E.com: Yeah, I had that last night, you can't get to 93 from 270...
KW: [Laughter.] So, some of these things are laid out in a simple way, but that's not the way the path goes, and it's always very, very difficult,. Particularly the non-dual and higher ones are difficult because they're so simple. They're much, much simpler than most people can grasp. And therefore it takes a very, very, very long time to see what is literally one hundred percent in front of yours eyes right now. And it's just so fucking obvious that it takes most people about two decades to see it and believe it. And that's what Dzogchen has mostly ... probably the most effective ...
[Pointing to Isaac, the dog.] His snoring is not going to help the digital equipment. Either stop snoring or you're going to go out buddy. We'll see what happens.
Anyway, it's not just the people die each night completely as they pass into formlessness, it's that formless state is their ever-present awareness moment-to-moment. There is something in you right now that without any effort whatsoever is noticing everything that is arising. You notice the birds, you hear my voice, everything is noticed. There is something in you that is conscious of everything moment-to-moment.
E.com: And it's the same...
KW: It's the same.
E.com: In you.
KW: It's the same in me. Consciousness is the singular of which the plural is unknown.
E.com: Whether in the dog or not is unclear.

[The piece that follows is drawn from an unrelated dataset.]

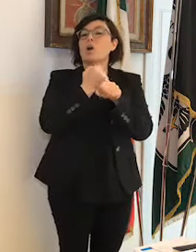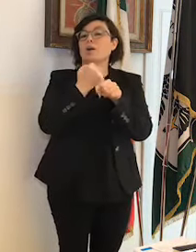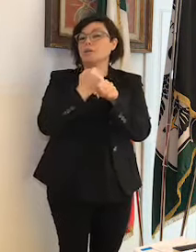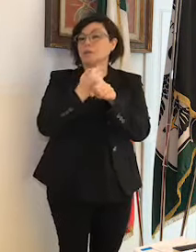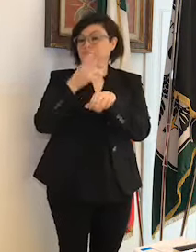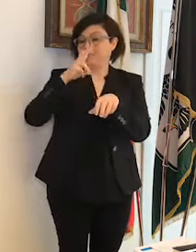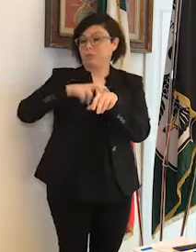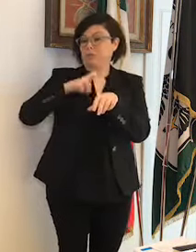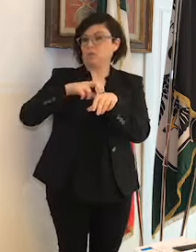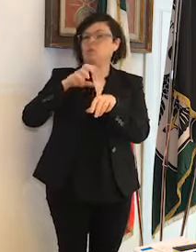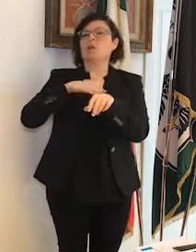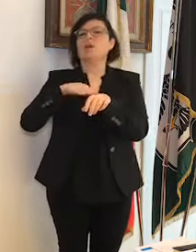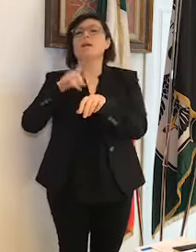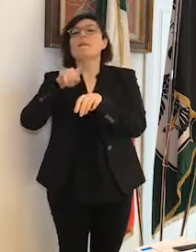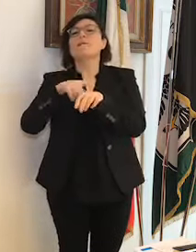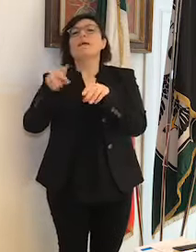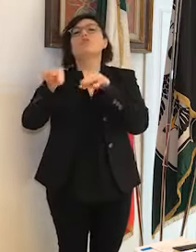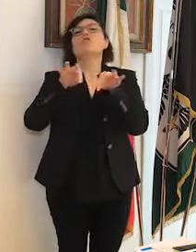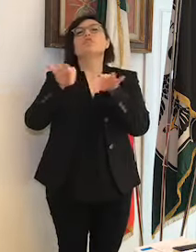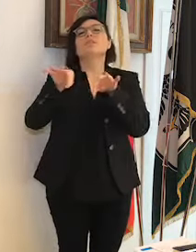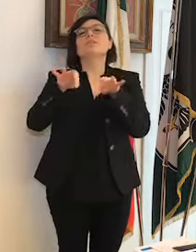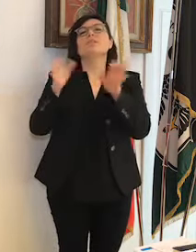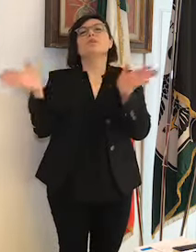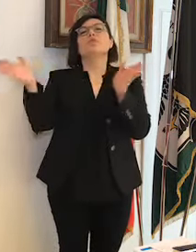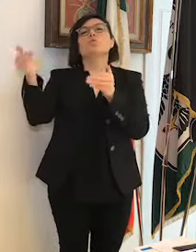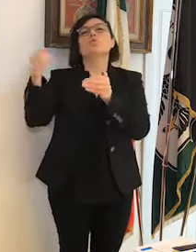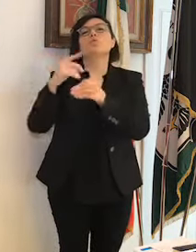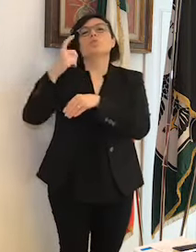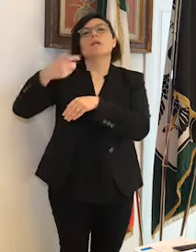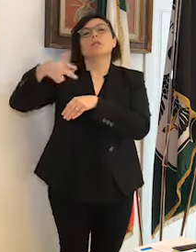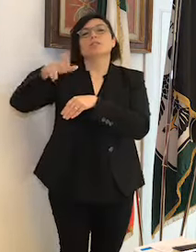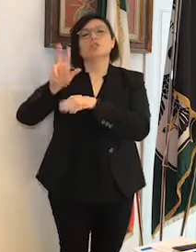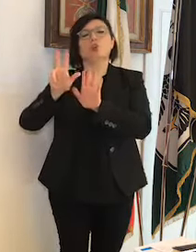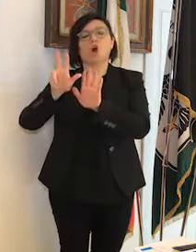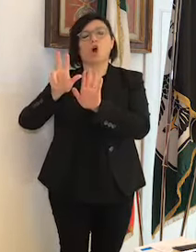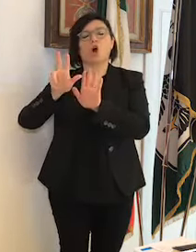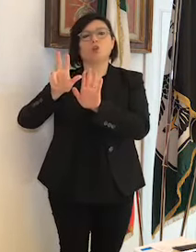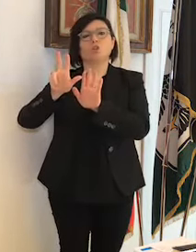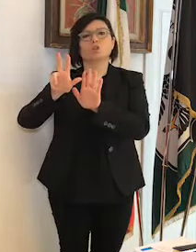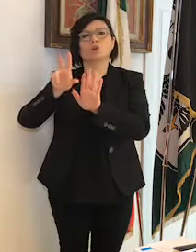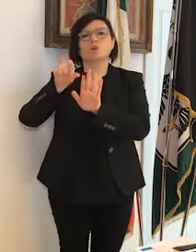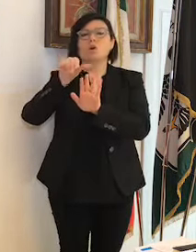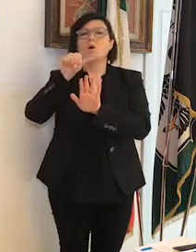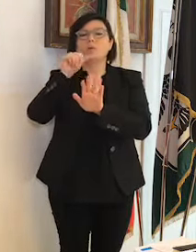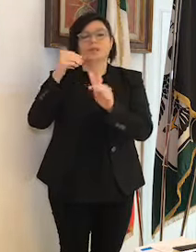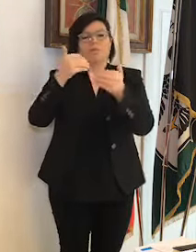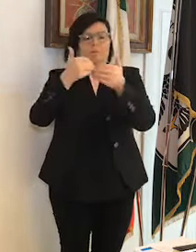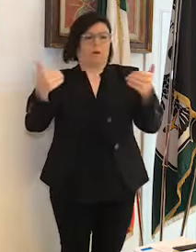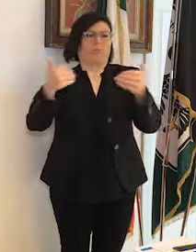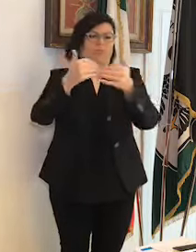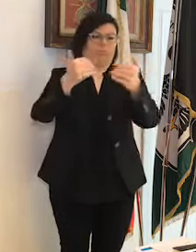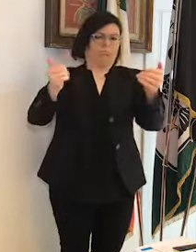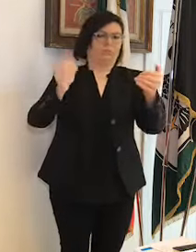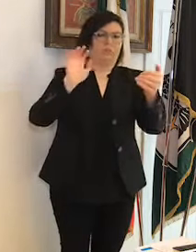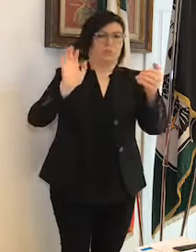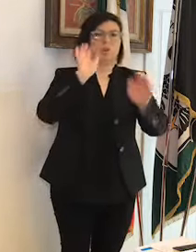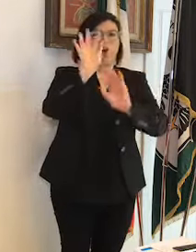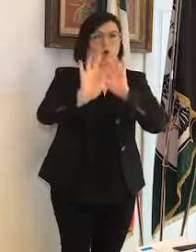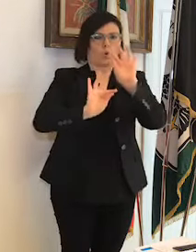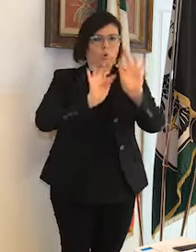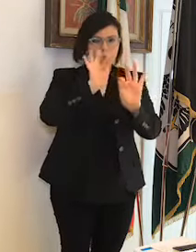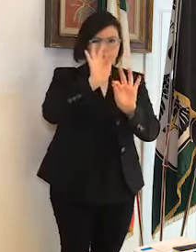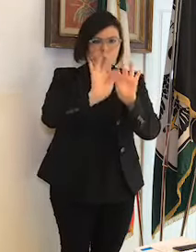del G8 e bisogna anche distinguere la cura
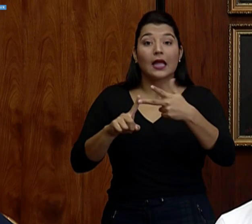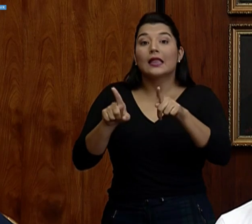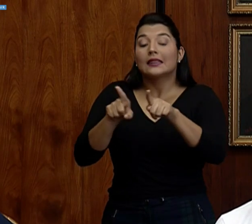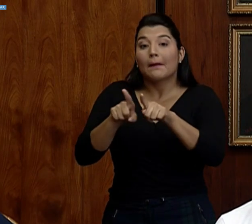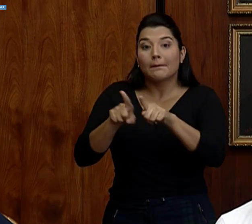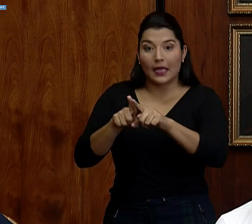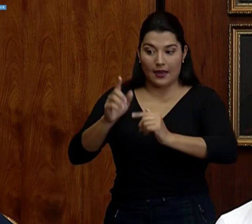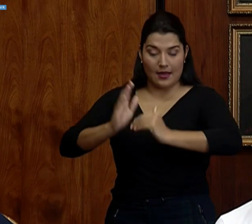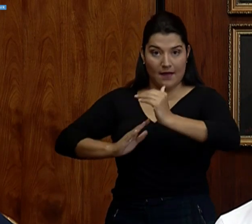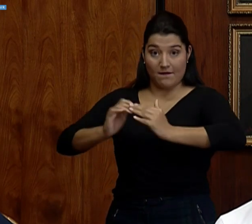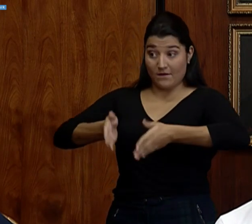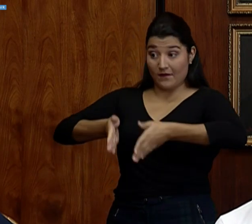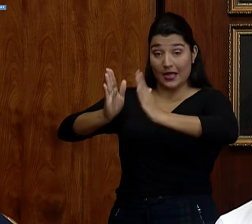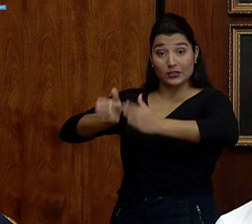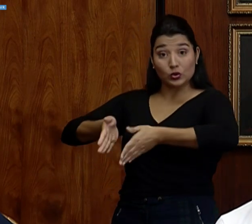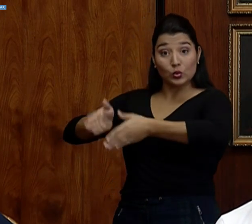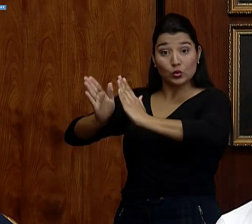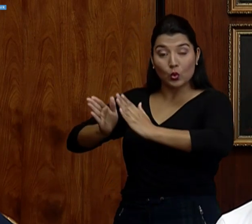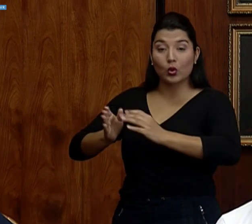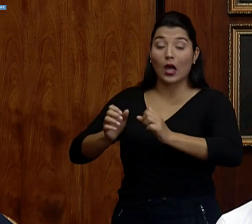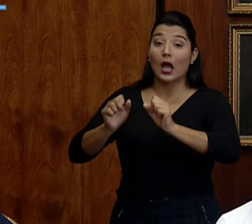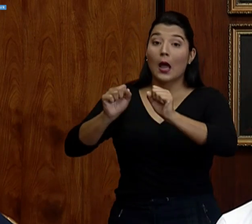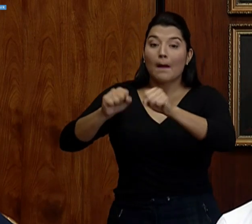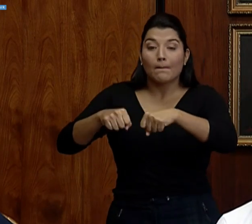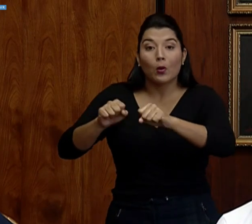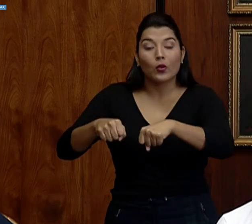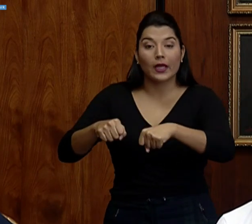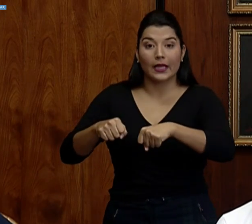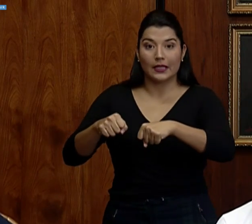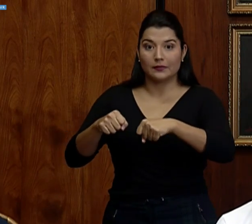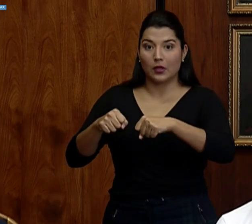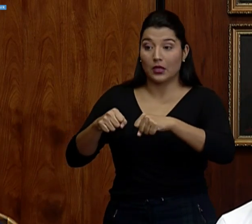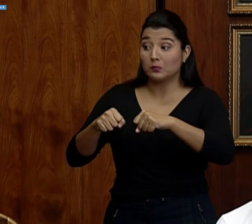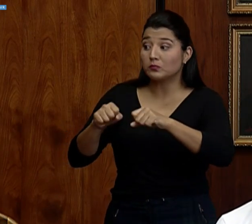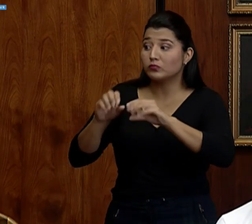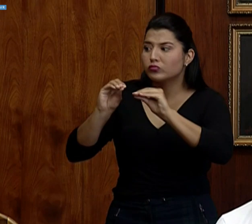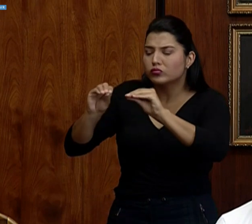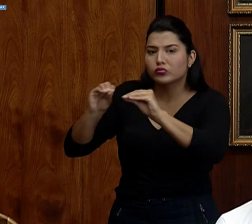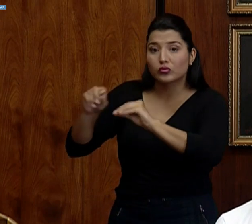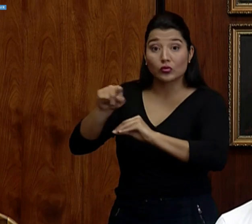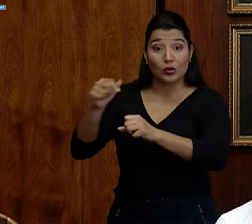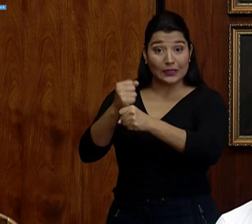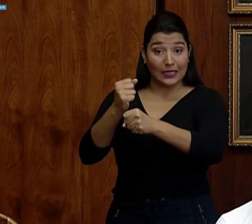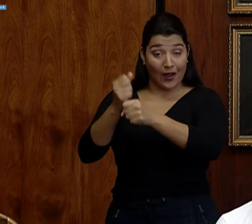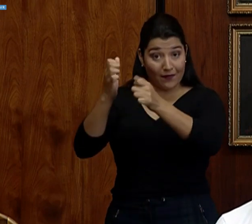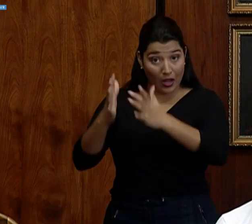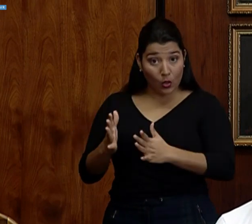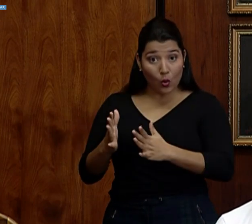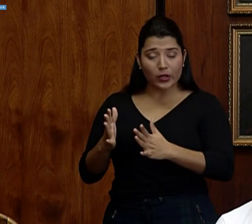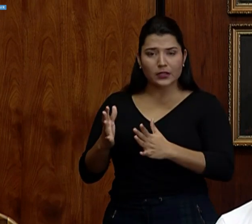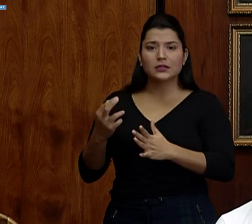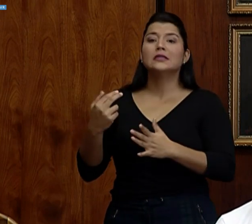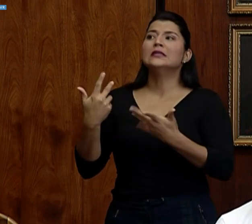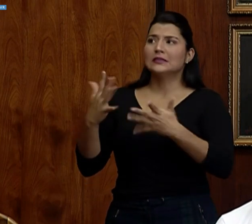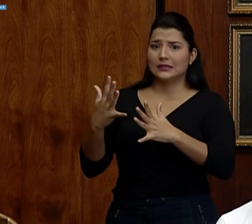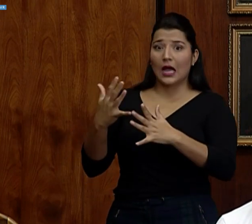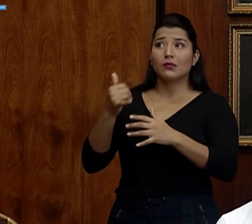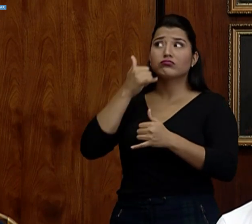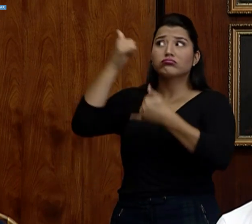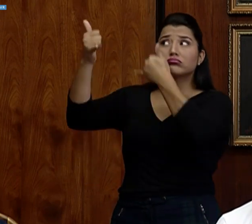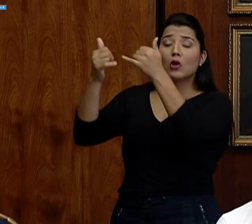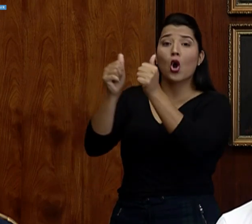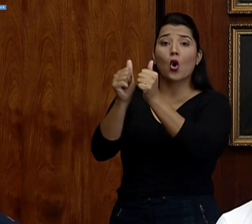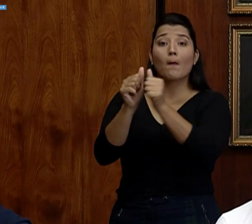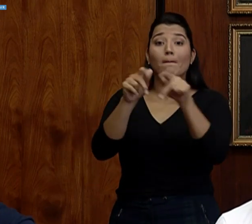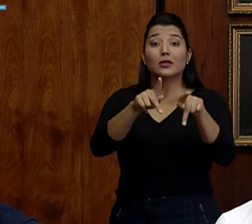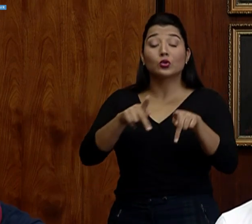infraestructura, la preparación del personal. Hemos estado asesorándonos con personas que ya han estado manejando esa situación fuera de Costa Rica.

KW: [Laughter.] We assume so, we assume it is right down into little quarks. What happens it that people have something else that's called "attention," it's a contraction in the field of that ever-present noticing, and that tension is your identity. So, instead of resting in that noticing space that notices everything that is arising and that is your original face, the face you had before your parents were born. Instead of resting into that condition, we contract into attention, and then we follow on objects that pass by this noticing. Our life is a string of putting together objects, in a way that we can wring as much pleasure as we can from each one as we kind of hook them together.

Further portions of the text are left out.